Stockton highlighted 4,546 as crucial support that the S&P 500 needs to hold in order to prevent further downside. A decisive, consecutive daily close below that level would increase the chance of downside risk to its next major support level of 4,200.
“This would dictate risk management via reduced [equity] exposure and top-down hedges,” Stockton said in a Tuesday note. The S&P 500 fell nearly 2% to 4,582 in Tuesday trades. The S&P 500 managed to find support around the 4,550 level during drawdowns in early- and mid-December.
The downside pressure for stocks has been led by the technology sector amid a hawkish pivot from the Federal Reserve, with several interest rate hikes appearing likely this year.
The Nasdaq 100 index is fast approaching its 200-day moving average and is down 8% from its record high. On Tuesday, the tech-heavy Nasdaq fell 2%, well below its key support level of around 15,575, according to Stockton. Consecutive daily closes below that level would increase downside risk to “next major support near 14,400 with a ~6-8 week time horizon,” Stockton said.

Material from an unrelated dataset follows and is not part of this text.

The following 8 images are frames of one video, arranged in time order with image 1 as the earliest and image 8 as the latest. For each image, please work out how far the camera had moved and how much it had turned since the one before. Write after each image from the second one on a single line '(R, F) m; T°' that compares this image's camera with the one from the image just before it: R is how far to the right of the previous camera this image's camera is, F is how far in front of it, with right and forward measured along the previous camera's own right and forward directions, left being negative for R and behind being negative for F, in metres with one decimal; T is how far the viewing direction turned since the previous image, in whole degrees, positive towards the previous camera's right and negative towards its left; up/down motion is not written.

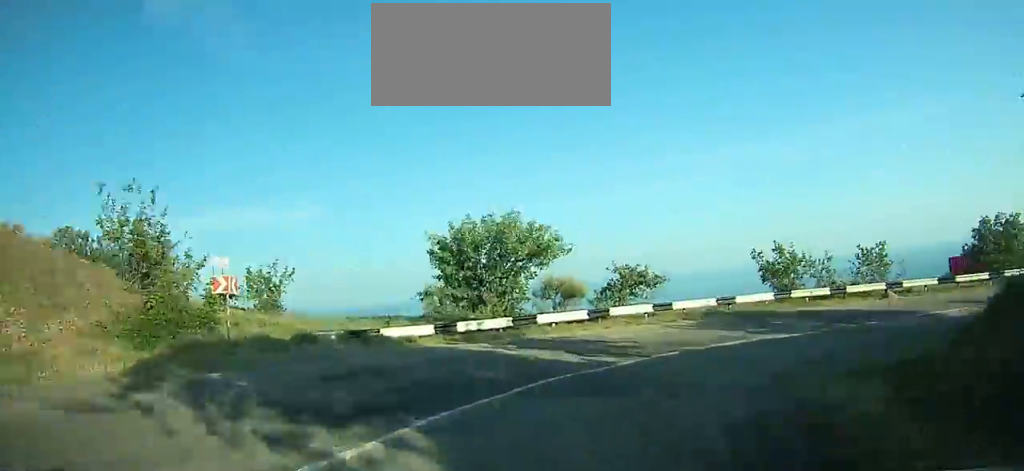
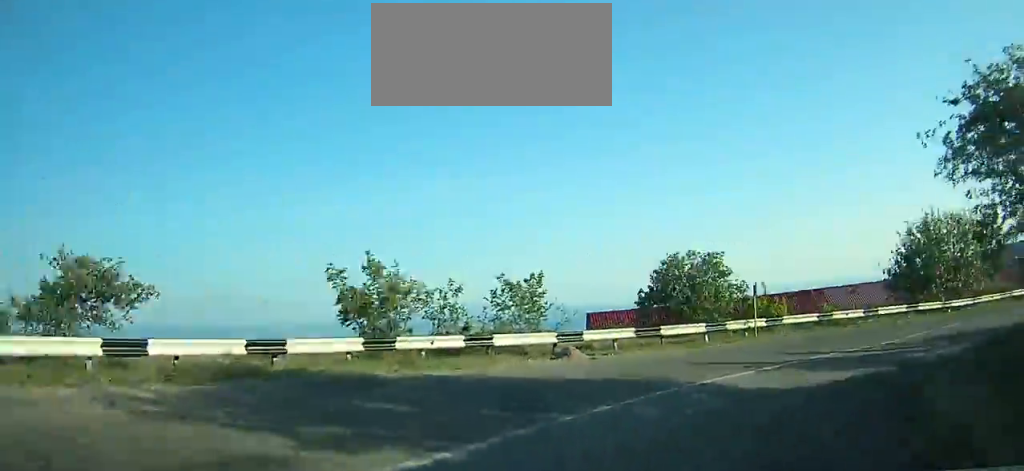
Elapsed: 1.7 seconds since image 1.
(-1.3, +12.7) m; +26°
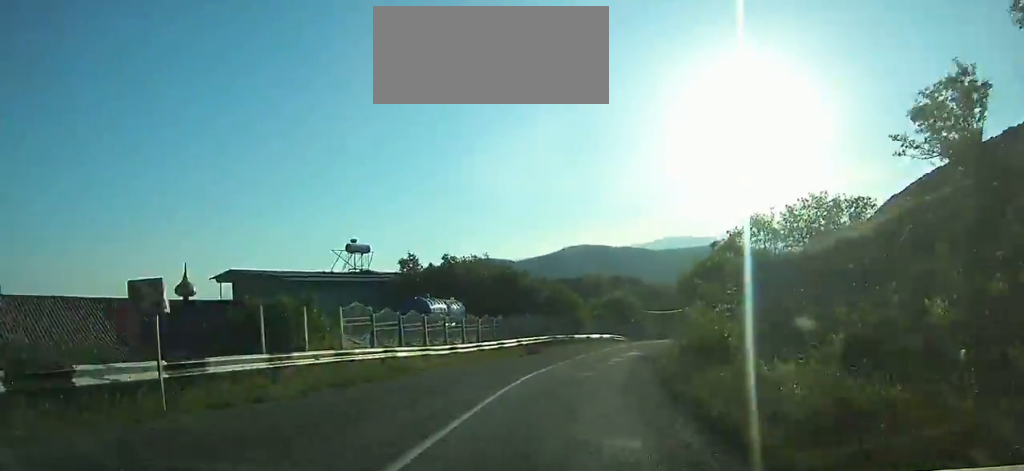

A decline to that level represents additional downside potential of 8% from Friday’s close. On Tuesday, the Nasdaq 100 Index hit a low of 15,292, which is well below Stockton’s support level.
“Short-term momentum has weakened and the FAANG+M stocks have failed to react to short-term oversold readings in another setback,” Stockton said.
If the S&P 500 reaches Stockton’s downside target of 4,200, that would represent a sell-off of 13% from its record high reached on January 4.
While that may feel like a big drop for some investors, it’s actually pretty typical. The S&P 500 only experienced a drawdown of 5% over the course 2021 before finishing the year up 27%. But since 1980, it experienced an average intra-year sell-off of 14%, according to JPMorgan.